M.I.A. And The Real ‘Bad Girls’
By Guest Contributor Thanu Yakupitiyage, cross-posted from Hyphen Magazine

Courtesy of TheGrio.com
By now pretty much everyone knows M.I.A. as the bad girl who flipped off the Super Bowl halftime camera. But her fans are more preoccupied with her new music video, “Bad Girls”, in which BMWs and Mercedes Benzes race in a desert we presume to be in the Middle East, tires burn in nameless oil states, Bedouin-styled men ride stallions à la Casablanca, brown rebel-types tote guns, and backup dancers appear in not-quite-accurate hipsterized niqab and hijab.
I’ve watched the video dozens of times. I love the scenes of Oakland-style “ghost ridin’ the whip,” and I keep rewinding to the highway stuntmen skidding while gripping the doors of the speeding car at 2’55”. Yet I’m still left wondering how to make sense of “Bad Girls.”
I’ve always been drawn to the art of M.I.A.–a Sri Lankan Tamil raised in England. When I first saw her “Galang” video back in 2005, I was awestruck: to have a visible Sri Lankan in Western popular culture seemed implausible. What struck me about M.I.A. early on is that she often positioned herself in relation to the Global South–in videos emphasizing dance (i.e., “Bird Flu,” filmed in South India near Sri Lankan Tamil refugee camps; “Bucky Done Gun” in Brazil; and “Boyz” in Jamaica) or highlighting immigrant enclaves in the West (think “Paper Planes” in Brooklyn). The new video is much less clear in intent.

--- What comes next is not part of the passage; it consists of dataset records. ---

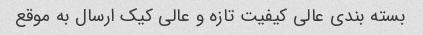
بسته بندی عالی کیفیت تازه و عالی کیک ارسال به موقع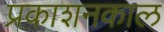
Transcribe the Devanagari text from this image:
प्रकाशनकाल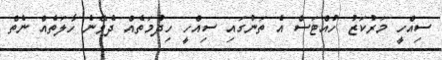
ސިއްހީ މަރުކަޒު ހުއްޓަސް އެ ތަނުގައި ސިއްހީ ހިދުމަތެއް ދެވޭނެ ހާލަތެއް ނެތް

On Facebook and Twitter, there’s hot debate over “Bad Girls.” Many absolutely love the video, proclaiming it to be M.I.A’s big comeback, while others remain unsure. Some see it as embodying resistance to the norm, while others don’t think it resists enough.
For my part, I’m taken in but left feeling uneasy. What’s missing is the present context of North Africa and the Middle East; it’s been a year since the revolution that toppled Tunisia’s Ben Ali, Egypt’s #Jan25 call that led to the ousting of Hosni Mubarak, the Libyan uprising against Muammar Qaddafi, and ongoing struggles for political justice in Syria and Yemen. Images, videos, and news reports of the region have shown inspiring scenes of resistance.